Artificially fair skin is costing people their health, but in many cases it also costs them the very thing they were so desperate to attain—confidence.

You might shrug it off. So what if they want to engage in self-destructive behavior? So what if a few people choose to take the risk of doing permanent damage to themselves?

Well, it’s a whole lot more than a few, and it’s not just “those people.”

Fair Skin has Another Cost

Large numbers of people in every region of the world use some type of skin lightning product. Some countries may not have much use for the stuff, but they’re nonetheless in the business of manufacturing it. The issue of skin bleaching, therefore, is not about “them.” It’s about us. 

With the rise of the internet, the world players in the skin bleaching market have become even more connected. Companies have new inroads for marketing and distribution, and consumers have greater access to information and products (Glenn, 2008, p. 283). This is one reason why I’m such an advocate for using the internet as a means of counteracting, the obsession with lighter skin. Hence this blog and others like Dark is Beautiful, which is based in India.
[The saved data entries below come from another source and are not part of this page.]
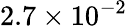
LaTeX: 2.7\times 10^{-2}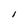
Character: I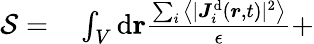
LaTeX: \begin{array}{rl}{{\mathcal{S}}=}&{{}\int_{V}\mathrm{d}\mathbf{{\boldsymbol{r}}}\frac{\sum_{i}\big\langle\vert{{\boldsymbol{J}}}_{i}^{\mathrm{d}}({\boldsymbol{r}},t)\vert^{2}\big\rangle}{\epsilon}+}\end{array}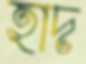
হাদ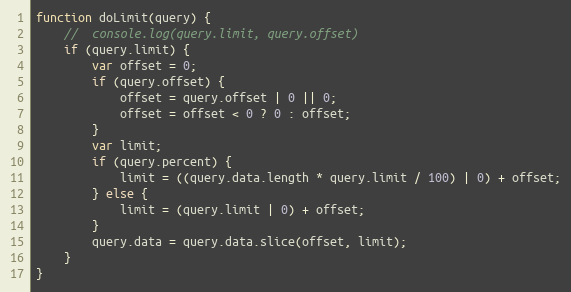
Language: JavaScript
function doLimit(query) {
	//	console.log(query.limit, query.offset)
	if (query.limit) {
		var offset = 0;
		if (query.offset) {
			offset = query.offset | 0 || 0;
			offset = offset < 0 ? 0 : offset;
		}
		var limit;
		if (query.percent) {
			limit = ((query.data.length * query.limit / 100) | 0) + offset;
		} else {
			limit = (query.limit | 0) + offset;
		}
		query.data = query.data.slice(offset, limit);
	}
}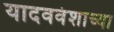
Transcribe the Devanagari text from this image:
यादववंशाच्या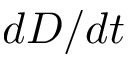
d D / d t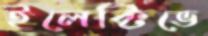
ইলেক্টিভে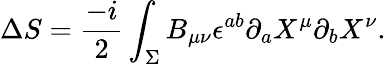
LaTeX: \Delta S=\frac{-i}{2}\int_{\Sigma}B_{\mu\nu}\epsilon^{ab}\partial_{a}X^{\mu}\partial_{b}X^{\nu}.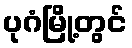
ပုဂံမြို့တွင်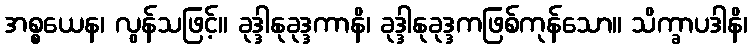
အစ္စယေန၊ လွန်သဖြင့်။ ခုဒ္ဒါနုခုဒ္ဒကာနိ၊ ခုဒ္ဒါနုခုဒ္ဒကဖြစ်ကုန်သော။ သိက္ခာပဒါနိ၊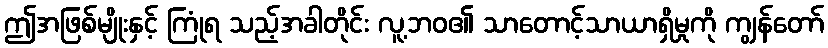
ဤအဖြစ်မျိုးနှင့် ကြုံရ သည့်အခါတိုင်း လူ့ဘဝ၏ သာတောင့်သာယာရှိမှုကို ကျွန်တော်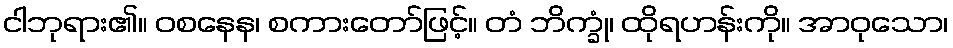
ငါဘုရား၏။ ဝစနေန၊ စကားတော်ဖြင့်။ တံ ဘိက္ခုံ၊ ထိုရဟန်းကို။ အာဝုသော၊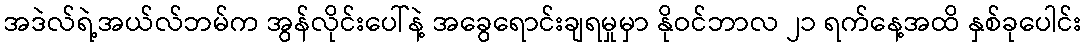
အဒဲလ်ရဲ့အယ်လ်ဘမ်က အွန်လိုင်းပေါ်နဲ့ အခွေရောင်းချရမှုမှာ နိုဝင်ဘာလ ၂၁ ရက်နေ့အထိ နှစ်ခုပေါင်း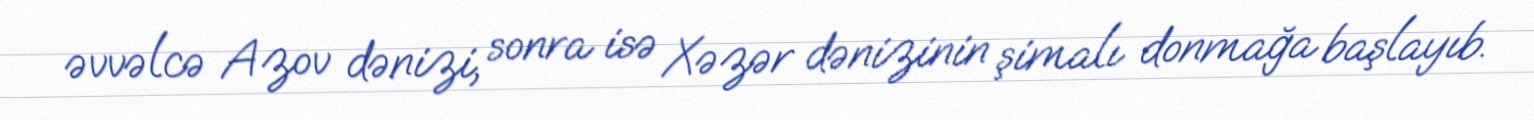
əvvəlcə Azov dənizi, sonra isə Xəzər dənizinin şimalı donmağa başlayıb.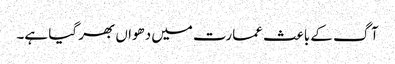
آگ کے باعث عمارت میں دھواں بھر گیا ہے۔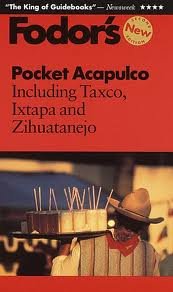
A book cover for Pocket Acapulco: Including Taxco, Ixtapa and Zihuatanejo (Fodor's in Focus Acapulco); Fodor's; Travel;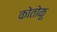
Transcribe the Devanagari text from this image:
कोतोकु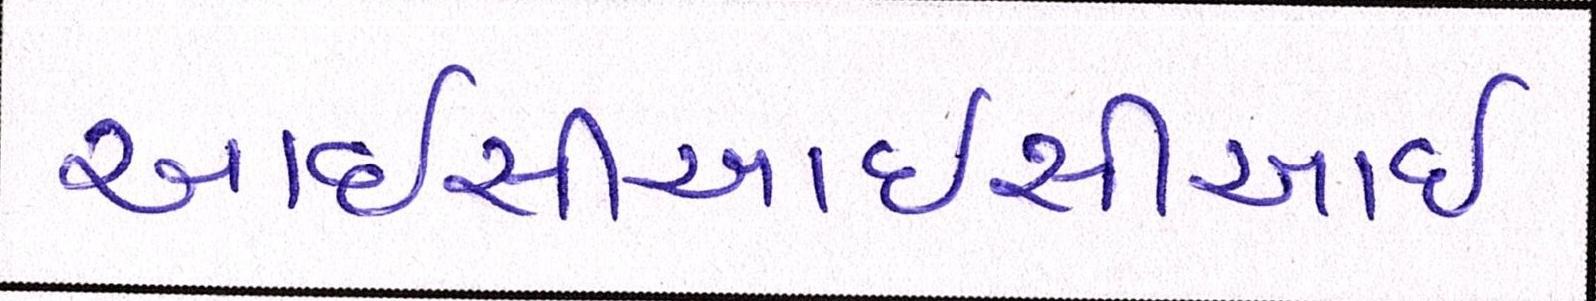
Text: આઇસીઆઇસીઆઇ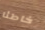
خاطئا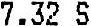
7.32 S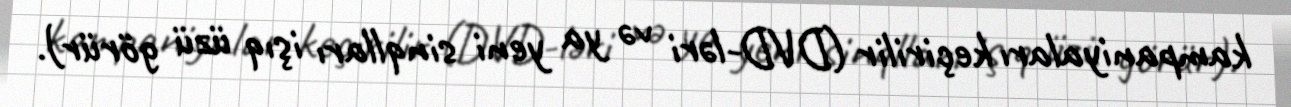
kampaniyaları keçirilir (DVD-ləri və ya yeni sinqlları işıq üzü görür).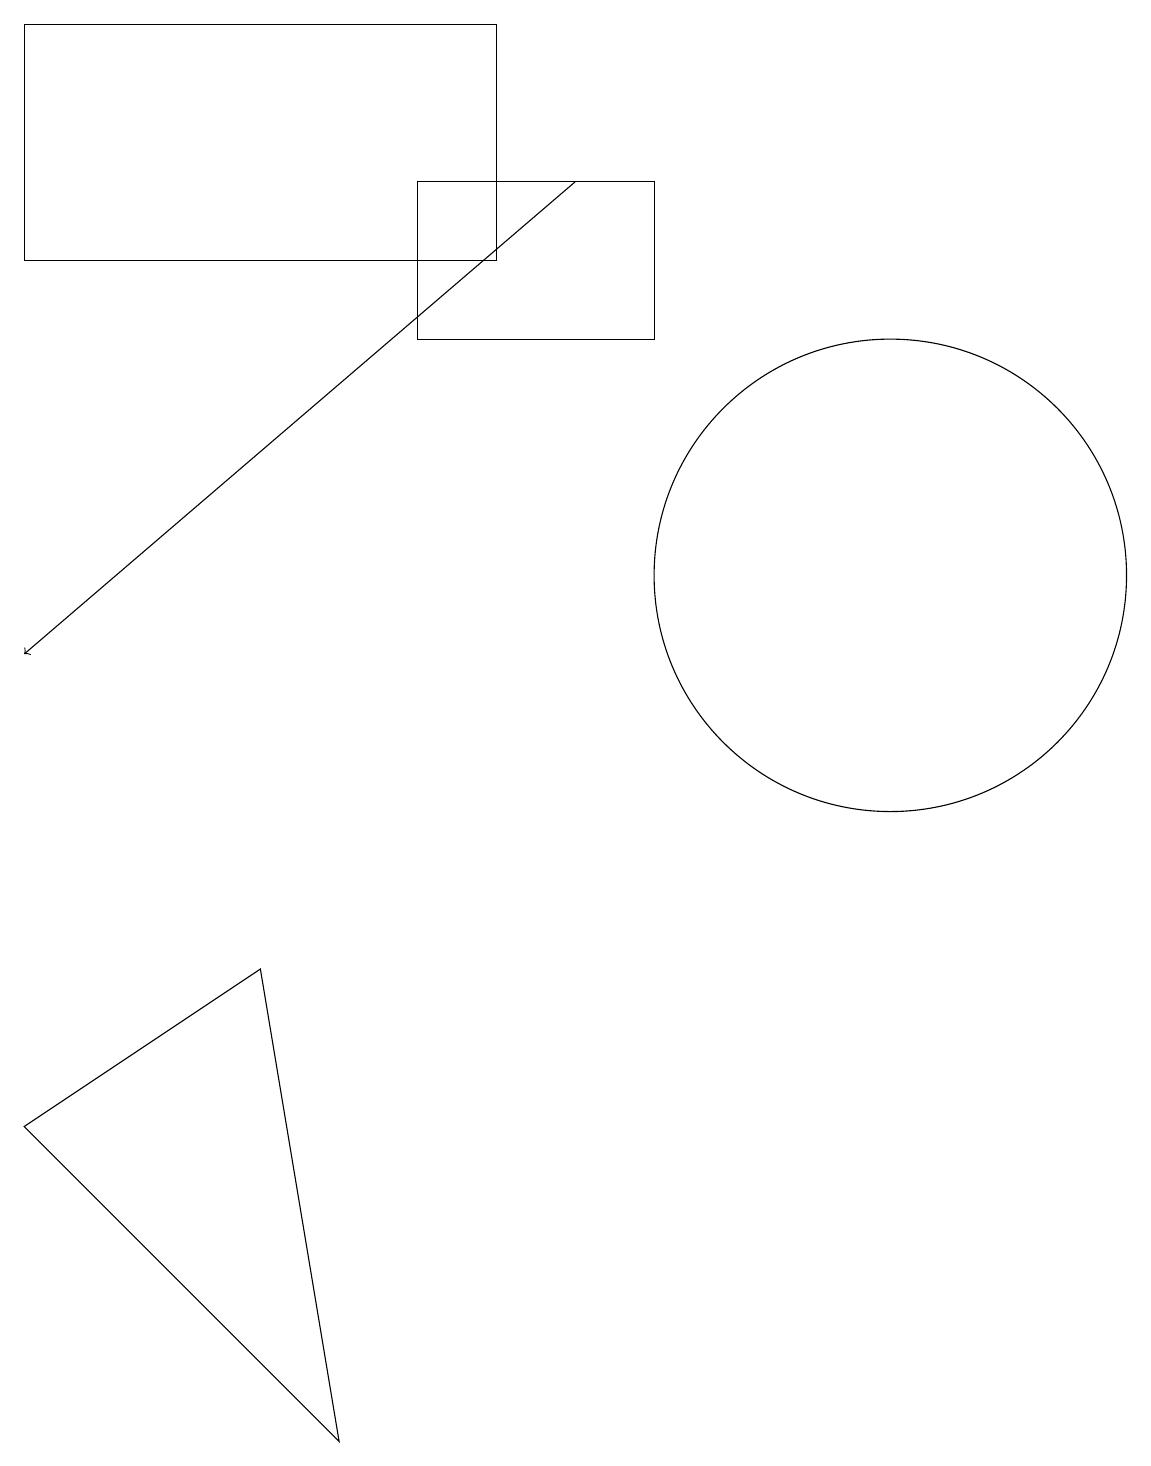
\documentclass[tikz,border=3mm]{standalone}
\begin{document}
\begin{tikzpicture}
\draw[->] (7,17) -- (0,11);
\draw (8,17) rectangle (5,15);
\draw (4,1) -- (3,7) -- (0,5) -- cycle;
\draw (11,12) circle (3);
\draw (6,19) rectangle (0,16);
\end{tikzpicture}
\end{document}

Evelyn Glenn (2008) writes about how skin lightening is “interwoven into the world economic system and its transnational circuits of products, capital, culture, and people” and about the “media and messages, cultural themes and symbols, used to create the desire for skin lightening products” (p. 282). These products are manufactured in some countries and exported or smuggled into others. The media messages are conceived and created by a few individuals and are projected throughout the world. In fact, Distribution of mercury soap has been illegal in the EU since 1989, but it’s manufacture has remained legal as long as the product is exported” (p. 285).

To be blunt, I interpret this type of legislation as race- or ethnicity-based capitalism. If it were merely capitalism, then they would allow the mercury soap to be sold anywhere, including Europe. However, the governments and the manufacturers in those countries know the dangers of mercury and want to protect their own people, but are quite willing to make a profit at the expense of people’s health in other nations.
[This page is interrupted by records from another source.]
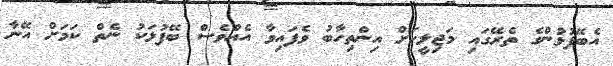
އެބޭފުޅުންގެ ތެރޭގައި މަޖިލީހަށް އިންތިހާބު ވެފައިވާ އެއްވެސް ބޭފުޅަކު ނެތް ކަމަށް އޭނާ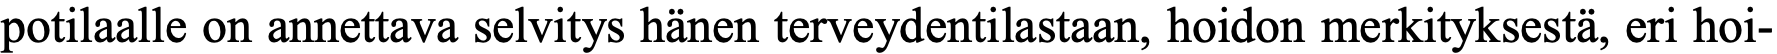
potilaalle on annettava selvitys hänen terveydentilastaan, hoidon merkityksestä, eri hoi-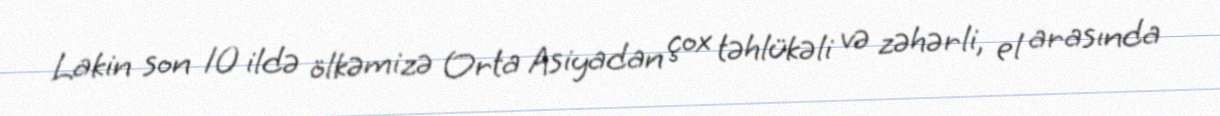
Lakin son 10 ildə ölkəmizə Orta Asiyadan çox təhlükəli və zəhərli, el arasında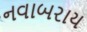
નવાબરાય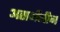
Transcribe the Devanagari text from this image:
असमीचीन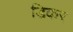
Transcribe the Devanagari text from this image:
डिकर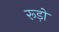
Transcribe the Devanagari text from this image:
रूड़ो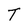
Character: T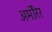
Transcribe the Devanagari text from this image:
अर्मोरेर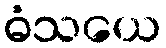
ဓံသယေ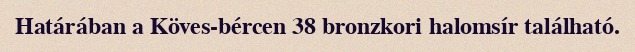
Határában a Köves-bércen 38 bronzkori halomsír található.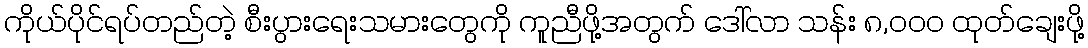
ကိုယ်ပိုင်ရပ်တည်တဲ့ စီးပွားရေးသမားတွေကို ကူညီဖို့အတွက် ဒေါ်လာ သန်း ၈,၀၀၀ ထုတ်ချေးဖို့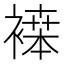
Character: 𬡪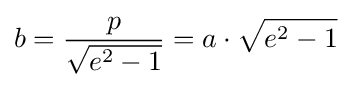
b={\frac {p}{\sqrt {e^{2}-1}}}=a\cdot {\sqrt {e^{2}-1}}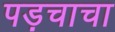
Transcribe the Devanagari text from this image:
पड़चाचा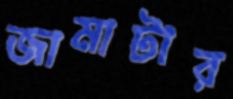
জামাটার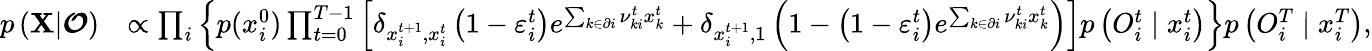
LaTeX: \begin{array}{rl}{p\left({\mathbf X}|\boldsymbol{\mathcal{O}}\right)}&{\propto\prod_{i}\left\{ p(x_{i}^{0})\prod_{t=0}^{T-1}\left[\delta_{x_{i}^{t+1},x_{i}^{t}}\left(1-\varepsilon_{i}^{t}\right)e^{\sum_{k\in\partial i}\nu_{ki}^{t}x_{k}^{t}}+\delta_{x_{i}^{t+1},1}\left(1-\left(1-\varepsilon_{i}^{t}\right)e^{\sum_{k\in\partial i}\nu_{ki}^{t}x_{k}^{t}}\right)\right]p\left({O}_{i}^{t}\mid x_{i}^{t}\right)\right\} p\left({O}_{i}^{T}\mid x_{i}^{T}\right),}\end{array}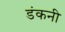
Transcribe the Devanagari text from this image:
डंकनी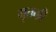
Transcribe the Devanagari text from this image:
मृतकी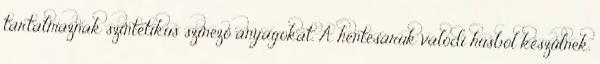
tartalmaznak szintetikus színező anyagokat. A hentesáruk valódi húsból készülnek.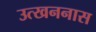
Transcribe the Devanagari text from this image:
उत्खननास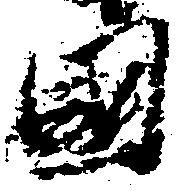
国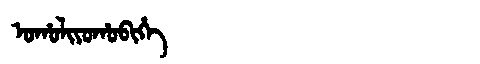
Manchu: ᠣᡥᠣᠯᡳᠶᠣᡥᠣᠪᡳᡥᡝ
Romanization: OHOLIYOHOBIHE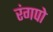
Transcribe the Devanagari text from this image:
रंगपो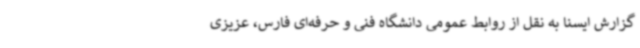
گزارش ایسنا به نقل از روابط عمومی دانشگاه فنی و حرفه‌ای فارس، عزیزی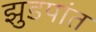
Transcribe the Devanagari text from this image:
झुडपांत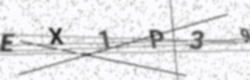
Text: EX1P39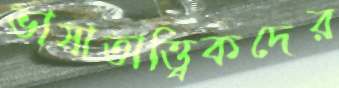
ভাষাতাত্ত্বিকদের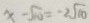
x - \sqrt { 1 0 } = - 2 \sqrt { 1 0 }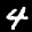
Label: 4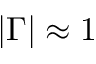
| \Gamma | \approx 1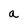
Character: a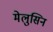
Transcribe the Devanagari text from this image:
मेलुसिन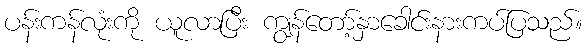
ပန်းကန်လုံးကို ယူလာပြီး ကျွန်တော့်နှာခေါင်းနားကပ်ပြသည်။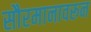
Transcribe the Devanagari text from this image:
सौरमानावरून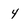
Character: 4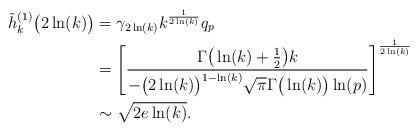
LaTeX: \begin{align*}\tilde{h}_k^{(1)}\big(2 \ln (k)\big) &= \gamma_{2\ln(k)} k^{\frac{1}{2\ln(k)}} q_p \\&= \Bigg[\frac{\Gamma\big(\ln(k)+\frac{1}{2}\big) k }{-\big(2\ln(k)\big)^{1-\ln(k)} \sqrt{\pi}\Gamma\big(\ln(k)\big) \ln(p)}\Bigg]^{\frac{1}{2\ln(k)}} \\&\sim \sqrt{2e\ln(k)} . \end{align*}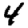
Digit: 4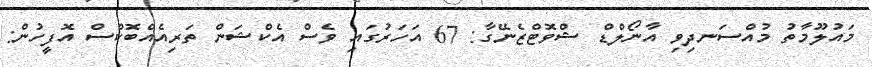
މައުލޫމާތު މުއްސަނދިވި އާނޯލްޑް ޝްވޮޓްޒެނޭގާ: 67 އަހަރުގައި ވެސް އެކްޝަން ތަރިއެއްބޮކްސް އޮފީހުން: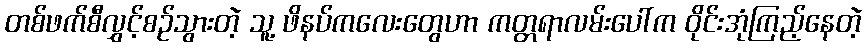
တစ်ဖက်စီလွှင့်စဉ်သွားတဲ့ သူ့ ဖိနပ်ကလေးတွေဟာ ကတ္တရာလမ်းပေါ်က ဝိုင်းအုံကြည့်နေတဲ့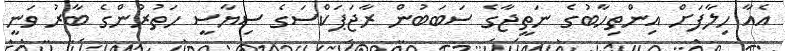
އެއާ ހިލާފަށް އިންތިހާބުގެ ނަތީޖާގެ ސަބަބުން ރާޖަޕަކްސަގެ ސިޔާސީ ހަތުރުންގެ ބާރު ވަނީ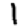
Digit: 1

According to Glenn (2008), “the desire for lighter skin and the use of skin bleaches is accelerating in places where modernization and the influence of western capitalism and culture are most prominent” (p. 295).

And so, the new face of imperialism can be seen in magazines, on billboards, and on Movie, TV, and computer screens around the globe. The skin bleaching market is similar to colonialism in that the promotion of white superiority allows a few powerful and wealthy groups to become increasingly wealthy and powerful at the cost of masses of other people.
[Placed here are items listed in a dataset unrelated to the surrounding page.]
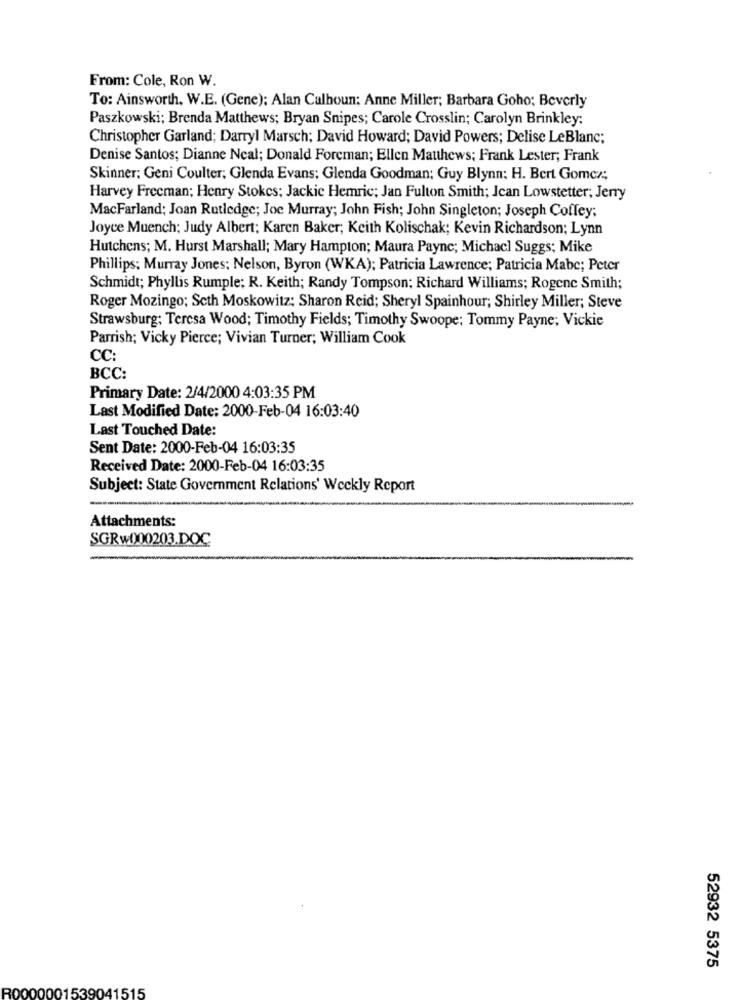
From: Cole, Ron W.
To: Ainsworth, W.E. (Gene); Alan Calhoun: Anne Miller; Barbara Goho; Beverly
Paszkowski; Brenda Matthews; Bryan Snipes; Carole Crosslin; Carolyn Brinkley;
Christopher Garland; Darryl Marsch; David Howard; David Powers; Delise LeBlanc;
Denise Santos; Dianne Ncal; Donald Forcman; Ellen Matthews; Frank Lester; Frank
Skinner; Geni Coulter; Glenda Evans; Glenda Goodman; Guy Blynn: H. Bert Gomez;
Harvey Freeman; Henry Stokes; Jackie Hemric; Jan Fulton Smith; Jcan Lowstetter; Jerry
MacFarland; Joan Rutledge; Joe Murray; John Fish; John Singleton; Joseph Coffey;
Joyce Muench; Judy Albert; Karen Baker; Keith Kolischak; Kevin Richardson; Lynn
Hutchens; M. Hurst Marshall; Mary Hampton; Maura Payne; Michacl Suggs; Mike
Phillips; Murray Jones; Nelson, Byron (WKA); Patricia Lawrence; Patricia Mabe; Peter
Schmidt; Phyllis Rumple; R. Keith; Randy Tompson; Richard Williams; Rogene Smith;
Roger Mozingo; Seth Moskowitz; Sharon Reid; Sheryl Spainhour; Shirley Miller; Steve
Strawsburg: Teresa Wood; Timothy Fields; Timothy Swoope; Tommy Payne; Vickie
Parrish; Vicky Pierce; Vivian Turner; William Cook
CC:
BCC:
Primary Date: 2/4/2000 4:03:35 PM
Last Modified Date: 2000-Feb-04 16:03:40
Last Touched Date:
Sent Date: 2000-Feb-04 16:03:35
Received Date: 2000-Feb-04 16:03:35
Subject: State Government Relations' Weekly Report
Attachments:
SGRw()00203.DOC
52932 5375
R0000001539041515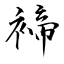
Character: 褅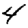
Digit: 4

In 2012, Indians reportedly consumed an estimated 233 tonnes of bleaching products (Rajesh, 2013), and in terms of sheer numbers, Indians make up the largest skin bleaching market. In some African cities, as many as 52-77% of women use skin lighteners. A Synovate market survey in 2004 showed that 50% of respondents in the Philippines reported using skin lighteners. In places like Japan, China, Taiwan, and Korea, global surveys report that 20-50% of the of respondents had used skin bleaches and that 20-50% would use more if they could afford it. Mercury laden creams are still widely available in parts of Latin America, and in the U.S. women of all races, including Europeans and whites, have long legacies of skin whitening or lightening. (Glenn, 2008, pp. 284-295). And these indicators probably underestimate the practice of skin bleaching around the globe.

I present this information for people who might’ve thought skin bleaching was an isolated, marginal problem in limited places. It’s not. I reiterate that skin bleaching is a global issue with well-known roots.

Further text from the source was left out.